Suzi Ruffell (born 18 January 1986) is a British comedian, writer, and actress.

Early life

Ruffell was born in Portsmouth to a working-class family. Her father buys and sells lorries and her mother became his assistant after raising Suzi and her older brother.

Ruffell joined a youth drama group which had a major impact on her eventual career choice. She considered Victoria Wood, Catherine Tate, Dawn French and Jennifer Saunders to be her heroes. After Chichester College, she attended drama school at the Academy of Live and Recorded Arts in London, where she first performed stand-up. Ruffell was the first in her family to attend university.

Career
Ruffell began her stand-up comedy career in November 2008 and has been performing stand-up full time since 2012.

Before she began touring as a solo performer, Ruffell had supported Alan Carr, Kevin Bridges, Josh Widdicombe, Joe Lycett, Romesh Ranganathan, and Katherine Ryan on national tours.

Ruffell's stand-up comedy tours include: Social Chameleon (toured in 2014–2015), Common (2016–2017), Keeping It Classy (2018, her first headlining tour), Nocturnal (2019), and Dance Like Everyone's Watching (2019–2020).
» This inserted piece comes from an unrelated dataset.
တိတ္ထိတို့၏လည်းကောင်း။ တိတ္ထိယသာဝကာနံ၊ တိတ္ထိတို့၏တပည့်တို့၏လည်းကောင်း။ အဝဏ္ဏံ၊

After a year and a half hiatus due to the COVID-19 pandemic, Ruffell resumed the Dance Like Everyone's Watching tour in autumn 2021.

Keeping it Classy was recorded for Live from the BBC and aired on 11 July 2018.

In 2017, Ruffell and her friend Tom Allen performed across the UK on a double-bill tour titled Hit the Road!

In 2018, Ruffell toured Australia as a performer with the Melbourne International Comedy Festival Roadshow.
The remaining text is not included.